= Beginning of Section =
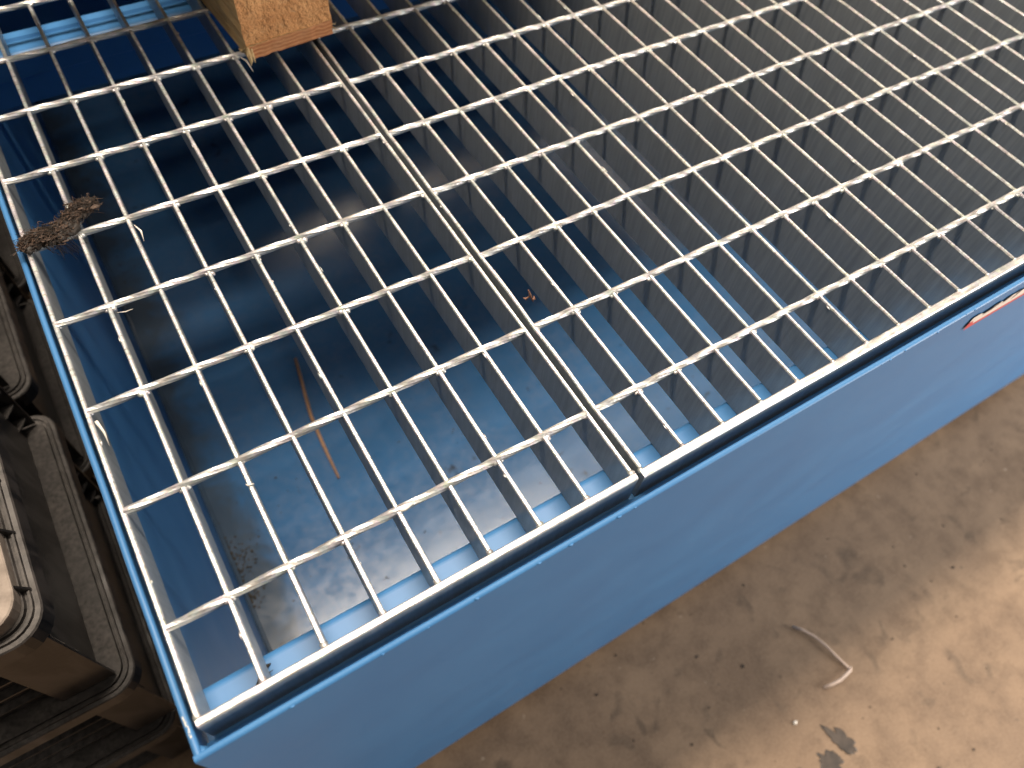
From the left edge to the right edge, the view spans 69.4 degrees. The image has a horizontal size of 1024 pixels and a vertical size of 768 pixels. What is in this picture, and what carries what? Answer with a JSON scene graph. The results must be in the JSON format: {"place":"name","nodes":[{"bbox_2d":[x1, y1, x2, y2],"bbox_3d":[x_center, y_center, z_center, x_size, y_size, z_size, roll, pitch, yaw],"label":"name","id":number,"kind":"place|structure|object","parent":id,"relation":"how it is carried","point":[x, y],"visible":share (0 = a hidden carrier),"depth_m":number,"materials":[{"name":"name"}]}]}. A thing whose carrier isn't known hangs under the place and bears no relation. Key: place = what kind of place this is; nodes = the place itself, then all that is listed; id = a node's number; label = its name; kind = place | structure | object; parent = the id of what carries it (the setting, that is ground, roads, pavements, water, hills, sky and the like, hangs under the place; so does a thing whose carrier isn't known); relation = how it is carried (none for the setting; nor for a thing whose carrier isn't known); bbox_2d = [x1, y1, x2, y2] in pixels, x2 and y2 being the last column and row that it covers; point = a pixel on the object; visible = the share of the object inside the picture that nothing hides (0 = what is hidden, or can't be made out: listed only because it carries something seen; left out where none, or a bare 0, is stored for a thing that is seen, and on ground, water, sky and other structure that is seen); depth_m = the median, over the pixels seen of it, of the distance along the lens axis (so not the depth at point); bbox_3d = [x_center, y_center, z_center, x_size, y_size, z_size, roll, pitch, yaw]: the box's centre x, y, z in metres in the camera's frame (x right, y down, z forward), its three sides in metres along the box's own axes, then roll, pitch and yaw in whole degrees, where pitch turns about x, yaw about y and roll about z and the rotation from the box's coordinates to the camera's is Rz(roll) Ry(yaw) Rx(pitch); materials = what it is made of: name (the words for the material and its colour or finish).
{"place":"outdoors","nodes":[
{"label":"outdoors","id":0,"kind":"place"},
{"bbox_2d":[140,374,1023,767],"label":"floor","id":1,"kind":"structure","parent":0,"point":[838,580],"depth_m":1.03,"materials":[{"name":"concrete"}]},
{"bbox_2d":[0,208,32,299],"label":"plastic crate","id":2,"kind":"object","parent":1,"relation":"on","point":[7,250],"visible":0.27,"depth_m":1.08,"materials":[{"name":"grey plastic"}]},
{"bbox_2d":[0,256,15,278],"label":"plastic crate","id":3,"kind":"object","parent":2,"relation":"on","point":[7,269],"visible":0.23,"depth_m":1.04,"materials":[{"name":"black plastic"}]},
{"bbox_2d":[18,299,102,498],"bbox_3d":[-0.772,0.114,0.988,0.400,0.172,0.312,-26,63,-19],"label":"plastic crate","id":4,"kind":"object","parent":1,"relation":"on","point":[59,396],"visible":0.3,"depth_m":0.97,"materials":[{"name":"grey plastic"}]},
{"bbox_2d":[0,264,82,460],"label":"plastic crate","id":5,"kind":"object","parent":4,"relation":"on","point":[27,390],"visible":0.62,"depth_m":0.82,"materials":[{"name":"grey plastic"}]},
{"bbox_2d":[0,375,8,387],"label":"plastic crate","id":6,"kind":"object","parent":5,"relation":"on","point":[4,382],"visible":1,"depth_m":0.76,"materials":[{"name":"black plastic"}]},
{"bbox_2d":[48,496,190,767],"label":"plastic crate","id":7,"kind":"object","parent":1,"relation":"on","point":[128,747],"visible":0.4,"depth_m":0.79,"materials":[{"name":"black plastic"}]},
{"bbox_2d":[0,415,176,767],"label":"plastic crate","id":8,"kind":"object","parent":7,"relation":"on","point":[47,731],"visible":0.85,"depth_m":0.69,"materials":[{"name":"grey plastic"}]},
{"bbox_2d":[0,386,115,719],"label":"plastic crate","id":9,"kind":"object","parent":8,"relation":"on","point":[46,649],"visible":1,"depth_m":0.57,"materials":[{"name":"grey plastic"}]},
{"bbox_2d":[0,0,1023,767],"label":"spill tray","id":10,"kind":"object","parent":1,"relation":"on","point":[428,686],"visible":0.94,"depth_m":0.95,"materials":[{"name":"blue paint"}]},
{"bbox_2d":[256,663,272,684],"bbox_3d":[-0.139,0.162,0.412,0.012,0.003,0.009,-26,63,-19],"label":"twig scrap","id":11,"kind":"object","parent":10,"relation":"on","point":[267,665],"visible":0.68,"depth_m":0.41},
{"bbox_2d":[294,358,339,478],"bbox_3d":[-0.276,0.045,1.029,0.011,0.005,0.207,-19,61,-16],"label":"brown stick","id":12,"kind":"object","parent":10,"relation":"on","point":[312,419],"visible":1,"depth_m":1.03,"materials":[{"name":"brown wood"}]},
{"bbox_2d":[0,0,638,735],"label":"grating panel","id":13,"kind":"object","parent":10,"relation":"on","point":[268,688],"visible":0.99,"depth_m":0.50,"materials":[{"name":"metal"}]},
{"bbox_2d":[10,193,102,259],"bbox_3d":[-0.322,-0.110,0.531,0.040,0.024,0.074,29,60,13],"label":"dried fibre clump","id":14,"kind":"object","parent":13,"relation":"on","point":[63,228],"visible":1,"depth_m":0.53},
{"bbox_2d":[116,256,697,612],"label":"dirt crumbs","id":15,"kind":"object","parent":10,"relation":"on","point":[258,591],"visible":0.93,"depth_m":0.92,"materials":[{"name":"brown soil"}]},
{"bbox_2d":[312,0,1023,495],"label":"grating panel","id":16,"kind":"object","parent":10,"relation":"on","point":[858,164],"visible":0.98,"depth_m":0.64,"materials":[{"name":"metal"}]},
{"bbox_2d":[201,0,339,65],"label":"timber skid","id":17,"kind":"object","parent":16,"relation":"on","point":[254,29],"visible":1,"depth_m":0.64,"materials":[{"name":"brown wood"}]},
{"bbox_2d":[523,290,534,301],"bbox_3d":[0.014,-0.065,0.543,0.010,0.012,0.005,-26,63,-19],"label":"dry leaf scrap","id":18,"kind":"object","parent":16,"relation":"on","point":[530,296],"visible":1,"depth_m":0.54,"materials":[{"name":"brown plant"}]},
{"bbox_2d":[561,450,1002,767],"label":"floor grit","id":19,"kind":"object","parent":1,"relation":"on","point":[742,666],"visible":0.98,"depth_m":1.01,"materials":[{"name":"gravel"}]},
{"bbox_2d":[792,625,851,688],"bbox_3d":[0.423,0.370,1.022,0.053,0.008,0.090,-26,63,-19],"label":"bent tie strip","id":20,"kind":"object","parent":1,"relation":"on","point":[846,674],"visible":1,"depth_m":1.02,"materials":[{"name":"plastic"}]},
{"bbox_2d":[816,749,843,767],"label":"grease spot","id":21,"kind":"object","parent":1,"relation":"on","point":[831,759],"visible":1,"depth_m":0.95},
{"bbox_2d":[820,724,856,754],"bbox_3d":[0.428,0.463,0.969,0.054,0.001,0.023,41,63,19],"label":"grease spot","id":22,"kind":"object","parent":1,"relation":"on","point":[841,740],"visible":1,"depth_m":0.97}
]}

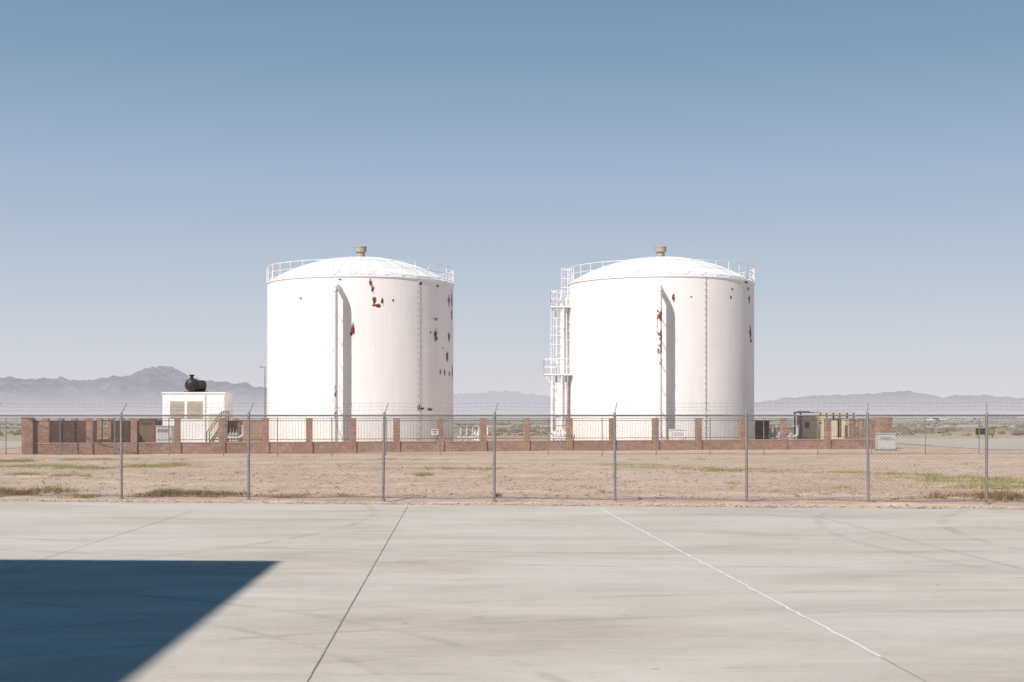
= End of Section =
__Work task__:
Copy out all the data exactly. The images should not appear in the copy.

__Result of the task__:
From the left edge to the right edge, the view spans 69.4 degrees. The image has a horizontal size of 1024 pixels and a vertical size of 768 pixels. What is in this picture, and what carries what? Answer with a JSON scene graph. The results must be in the JSON format: {"place":"name","nodes":[{"bbox_2d":[x1, y1, x2, y2],"bbox_3d":[x_center, y_center, z_center, x_size, y_size, z_size, roll, pitch, yaw],"label":"name","id":number,"kind":"place|structure|object","parent":id,"relation":"how it is carried","point":[x, y],"visible":share (0 = a hidden carrier),"depth_m":number,"materials":[{"name":"name"}]}]}. A thing whose carrier isn't known hangs under the place and bears no relation. Key: place = what kind of place this is; nodes = the place itself, then all that is listed; id = a node's number; label = its name; kind = place | structure | object; parent = the id of what carries it (the setting, that is ground, roads, pavements, water, hills, sky and the like, hangs under the place; so does a thing whose carrier isn't known); relation = how it is carried (none for the setting; nor for a thing whose carrier isn't known); bbox_2d = [x1, y1, x2, y2] in pixels, x2 and y2 being the last column and row that it covers; point = a pixel on the object; visible = the share of the object inside the picture that nothing hides (0 = what is hidden, or can't be made out: listed only because it carries something seen; left out where none, or a bare 0, is stored for a thing that is seen, and on ground, water, sky and other structure that is seen); depth_m = the median, over the pixels seen of it, of the distance along the lens axis (so not the depth at point); bbox_3d = [x_center, y_center, z_center, x_size, y_size, z_size, roll, pitch, yaw]: the box's centre x, y, z in metres in the camera's frame (x right, y down, z forward), its three sides in metres along the box's own axes, then roll, pitch and yaw in whole degrees, where pitch turns about x, yaw about y and roll about z and the rotation from the box's coordinates to the camera's is Rz(roll) Ry(yaw) Rx(pitch); materials = what it is made of: name (the words for the material and its colour or finish).
{"place":"outdoors","nodes":[
{"label":"outdoors","id":0,"kind":"place"},
{"bbox_2d":[140,374,1023,767],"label":"floor","id":1,"kind":"structure","parent":0,"point":[838,580],"depth_m":1.03,"materials":[{"name":"concrete"}]},
{"bbox_2d":[0,208,32,299],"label":"plastic crate","id":2,"kind":"object","parent":1,"relation":"on","point":[7,250],"visible":0.27,"depth_m":1.08,"materials":[{"name":"grey plastic"}]},
{"bbox_2d":[0,256,15,278],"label":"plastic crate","id":3,"kind":"object","parent":2,"relation":"on","point":[7,269],"visible":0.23,"depth_m":1.04,"materials":[{"name":"black plastic"}]},
{"bbox_2d":[18,299,102,498],"bbox_3d":[-0.772,0.114,0.988,0.400,0.172,0.312,-26,63,-19],"label":"plastic crate","id":4,"kind":"object","parent":1,"relation":"on","point":[59,396],"visible":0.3,"depth_m":0.97,"materials":[{"name":"grey plastic"}]},
{"bbox_2d":[0,264,82,460],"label":"plastic crate","id":5,"kind":"object","parent":4,"relation":"on","point":[27,390],"visible":0.62,"depth_m":0.82,"materials":[{"name":"grey plastic"}]},
{"bbox_2d":[0,375,8,387],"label":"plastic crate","id":6,"kind":"object","parent":5,"relation":"on","point":[4,382],"visible":1,"depth_m":0.76,"materials":[{"name":"black plastic"}]},
{"bbox_2d":[48,496,190,767],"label":"plastic crate","id":7,"kind":"object","parent":1,"relation":"on","point":[128,747],"visible":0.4,"depth_m":0.79,"materials":[{"name":"black plastic"}]},
{"bbox_2d":[0,415,176,767],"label":"plastic crate","id":8,"kind":"object","parent":7,"relation":"on","point":[47,731],"visible":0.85,"depth_m":0.69,"materials":[{"name":"grey plastic"}]},
{"bbox_2d":[0,386,115,719],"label":"plastic crate","id":9,"kind":"object","parent":8,"relation":"on","point":[46,649],"visible":1,"depth_m":0.57,"materials":[{"name":"grey plastic"}]},
{"bbox_2d":[0,0,1023,767],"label":"spill tray","id":10,"kind":"object","parent":1,"relation":"on","point":[428,686],"visible":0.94,"depth_m":0.95,"materials":[{"name":"blue paint"}]},
{"bbox_2d":[256,663,272,684],"bbox_3d":[-0.139,0.162,0.412,0.012,0.003,0.009,-26,63,-19],"label":"twig scrap","id":11,"kind":"object","parent":10,"relation":"on","point":[267,665],"visible":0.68,"depth_m":0.41},
{"bbox_2d":[294,358,339,478],"bbox_3d":[-0.276,0.045,1.029,0.011,0.005,0.207,-19,61,-16],"label":"brown stick","id":12,"kind":"object","parent":10,"relation":"on","point":[312,419],"visible":1,"depth_m":1.03,"materials":[{"name":"brown wood"}]},
{"bbox_2d":[0,0,638,735],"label":"grating panel","id":13,"kind":"object","parent":10,"relation":"on","point":[268,688],"visible":0.99,"depth_m":0.50,"materials":[{"name":"metal"}]},
{"bbox_2d":[10,193,102,259],"bbox_3d":[-0.322,-0.110,0.531,0.040,0.024,0.074,29,60,13],"label":"dried fibre clump","id":14,"kind":"object","parent":13,"relation":"on","point":[63,228],"visible":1,"depth_m":0.53},
{"bbox_2d":[116,256,697,612],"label":"dirt crumbs","id":15,"kind":"object","parent":10,"relation":"on","point":[258,591],"visible":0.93,"depth_m":0.92,"materials":[{"name":"brown soil"}]},
{"bbox_2d":[312,0,1023,495],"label":"grating panel","id":16,"kind":"object","parent":10,"relation":"on","point":[858,164],"visible":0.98,"depth_m":0.64,"materials":[{"name":"metal"}]},
{"bbox_2d":[201,0,339,65],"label":"timber skid","id":17,"kind":"object","parent":16,"relation":"on","point":[254,29],"visible":1,"depth_m":0.64,"materials":[{"name":"brown wood"}]},
{"bbox_2d":[523,290,534,301],"bbox_3d":[0.014,-0.065,0.543,0.010,0.012,0.005,-26,63,-19],"label":"dry leaf scrap","id":18,"kind":"object","parent":16,"relation":"on","point":[530,296],"visible":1,"depth_m":0.54,"materials":[{"name":"brown plant"}]},
{"bbox_2d":[561,450,1002,767],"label":"floor grit","id":19,"kind":"object","parent":1,"relation":"on","point":[742,666],"visible":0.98,"depth_m":1.01,"materials":[{"name":"gravel"}]},
{"bbox_2d":[792,625,851,688],"bbox_3d":[0.423,0.370,1.022,0.053,0.008,0.090,-26,63,-19],"label":"bent tie strip","id":20,"kind":"object","parent":1,"relation":"on","point":[846,674],"visible":1,"depth_m":1.02,"materials":[{"name":"plastic"}]},
{"bbox_2d":[816,749,843,767],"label":"grease spot","id":21,"kind":"object","parent":1,"relation":"on","point":[831,759],"visible":1,"depth_m":0.95},
{"bbox_2d":[820,724,856,754],"bbox_3d":[0.428,0.463,0.969,0.054,0.001,0.023,41,63,19],"label":"grease spot","id":22,"kind":"object","parent":1,"relation":"on","point":[841,740],"visible":1,"depth_m":0.97}
]}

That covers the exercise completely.